How do I develop without paying for every test run?
Video and image generation costs real money per call. During development, you want to build and test your pipeline without burning credits on every iteration.
Add mock=MockConfig(enabled=True) to any config. No API calls, instant responses, zero cost:
from tarash.tarash_gateway.mock import MockConfig
config = VideoGenerationConfig(
provider="fal",
model="fal-ai/veo3.1",
api_key="not-needed",
mock=MockConfig(enabled=True),
)
response = generate_video(config, request)
print(response.is_mock) # True
print(response.video) # Realistic mock video URL
Remove mock=MockConfig(enabled=True) to switch back to the real provider. Everything else stays the same.

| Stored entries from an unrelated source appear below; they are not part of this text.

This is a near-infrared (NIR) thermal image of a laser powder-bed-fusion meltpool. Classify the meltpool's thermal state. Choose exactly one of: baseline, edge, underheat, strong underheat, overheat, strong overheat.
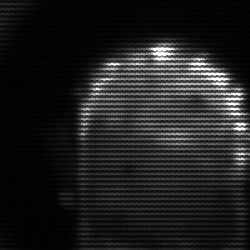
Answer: baseline
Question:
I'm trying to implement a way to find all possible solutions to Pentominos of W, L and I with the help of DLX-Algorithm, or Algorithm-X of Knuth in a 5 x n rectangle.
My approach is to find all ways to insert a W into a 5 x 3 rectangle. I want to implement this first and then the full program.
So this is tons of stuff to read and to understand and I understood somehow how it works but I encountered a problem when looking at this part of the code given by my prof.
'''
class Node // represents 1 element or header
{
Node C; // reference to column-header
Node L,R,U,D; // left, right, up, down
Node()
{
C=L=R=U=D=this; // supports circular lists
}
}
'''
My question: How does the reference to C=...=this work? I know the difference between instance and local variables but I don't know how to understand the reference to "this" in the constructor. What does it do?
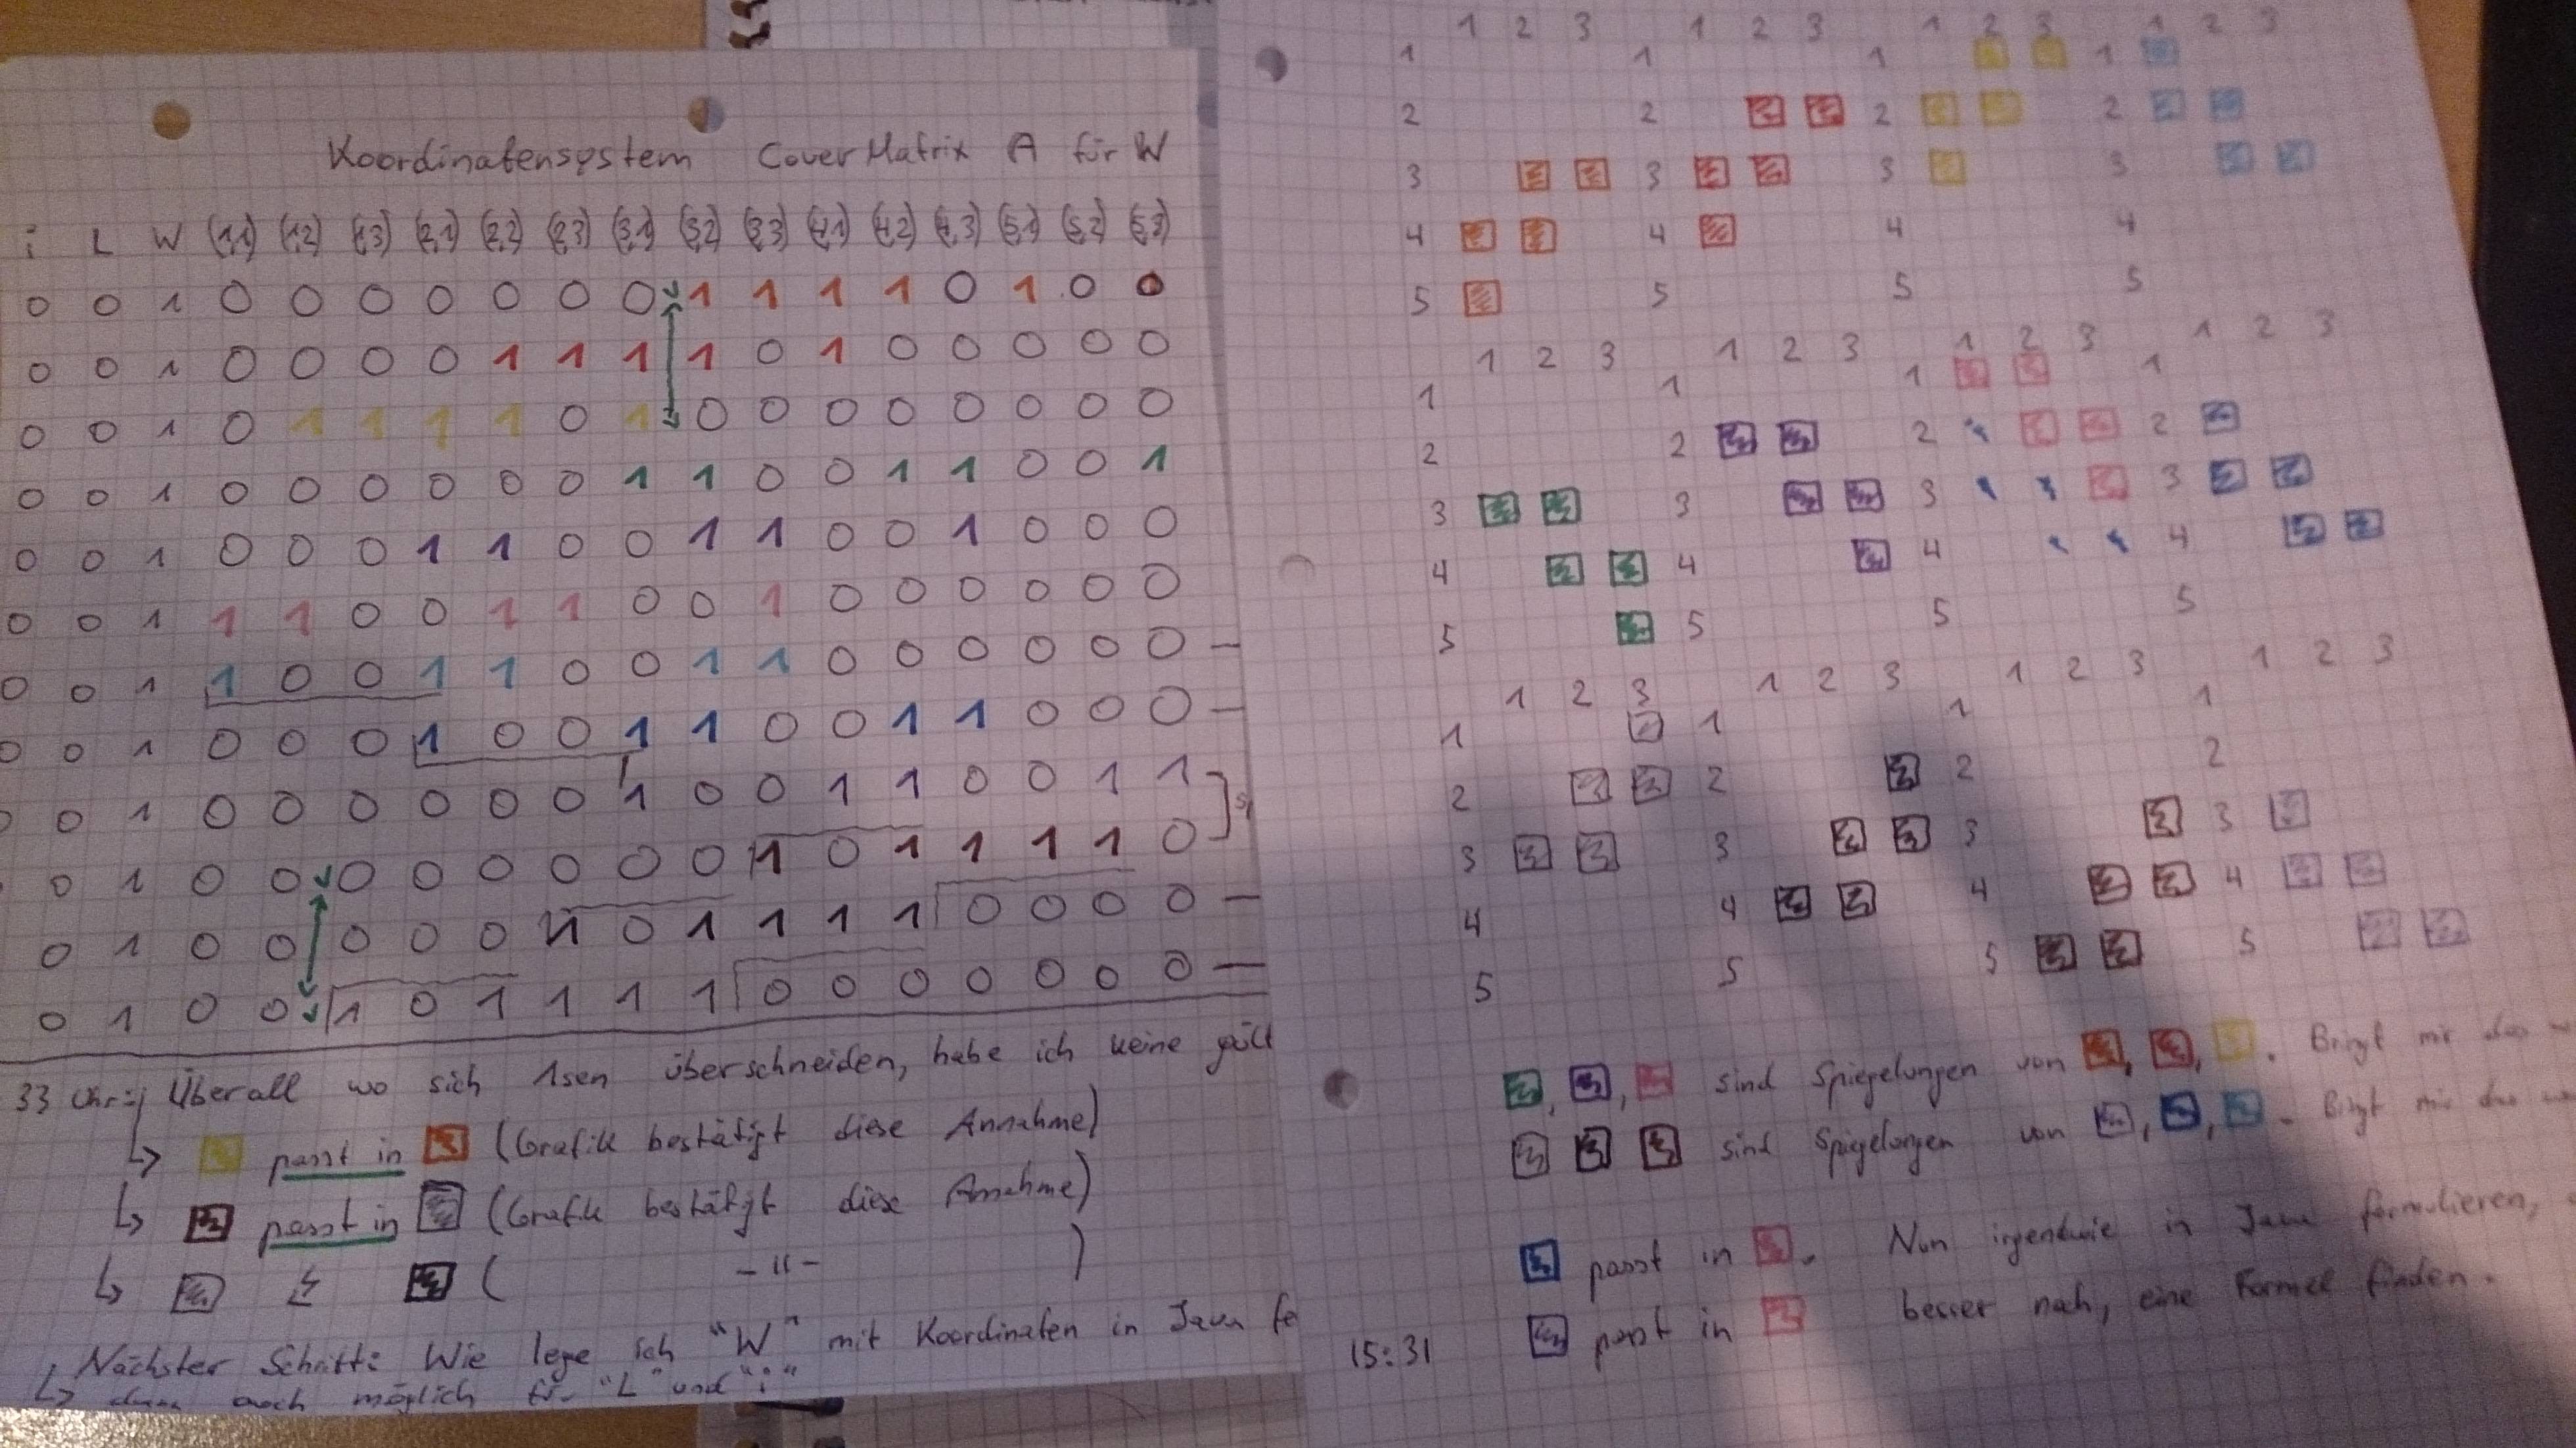
Answer: In this instruction
C=L=R=U=D=this;
'this'represents the instance of the Node class that is being processed at runtime (dynamically): so it simply means that all your other Node variable will receieve reference to the current instance of Node that was being constructed.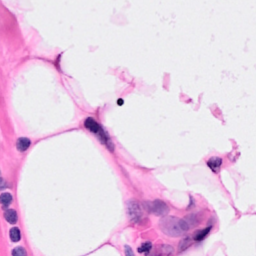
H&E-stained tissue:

You can also simulate failures. Pass a list of weighted MockResponse objects to control what gets returned, including specific exceptions:
from tarash.tarash_gateway.exceptions import HTTPError
from tarash.tarash_gateway.mock import MockConfig, MockResponse
config = VideoGenerationConfig(
provider="fal",
model="fal-ai/veo3.1",
api_key="not-needed",
mock=MockConfig(
enabled=True,
responses=[
MockResponse(weight=0.8), # success 80% of the time
MockResponse(weight=0.2, error=HTTPError("Rate limit", provider="fal", status_code=429)),
],
),
)
This is useful for testing your fallback logic and error handling paths without spending credits.
What if you don't support my provider?
Register a custom handler at runtime
Implement the ProviderHandler protocol and register it. It plugs directly into fallback chains, progress callbacks, and the unified response format:
from tarash.tarash_gateway import generate_video, VideoGenerationConfig
from tarash.tarash_gateway.registry import register_provider
from tarash.tarash_gateway.models import VideoGenerationResponse
class MyCustomHandler:
def generate_video(self, config, request, on_progress=None) -> VideoGenerationResponse:
# Your implementation
...
async def generate_video_async(self, config, request, on_progress=None) -> VideoGenerationResponse:
# Your async implementation
...
register_provider("my-provider", MyCustomHandler())
config = VideoGenerationConfig(provider="my-provider", model="my-model", api_key="key")
response = generate_video(config, request)
Get Started
pip install tarash-gateway[fal]
Source and full docs: github.com/vertexcover-io/tarash
The AI video space will keep moving. New models every few weeks, providers going down, pricing shifting. The integrations you write today will need to change.
Tarash Gateway doesn't solve which model to use. It solves the cost of switching. Write the request once, move between providers freely, and spend the time you would have spent re-integrating on the work that actually matters.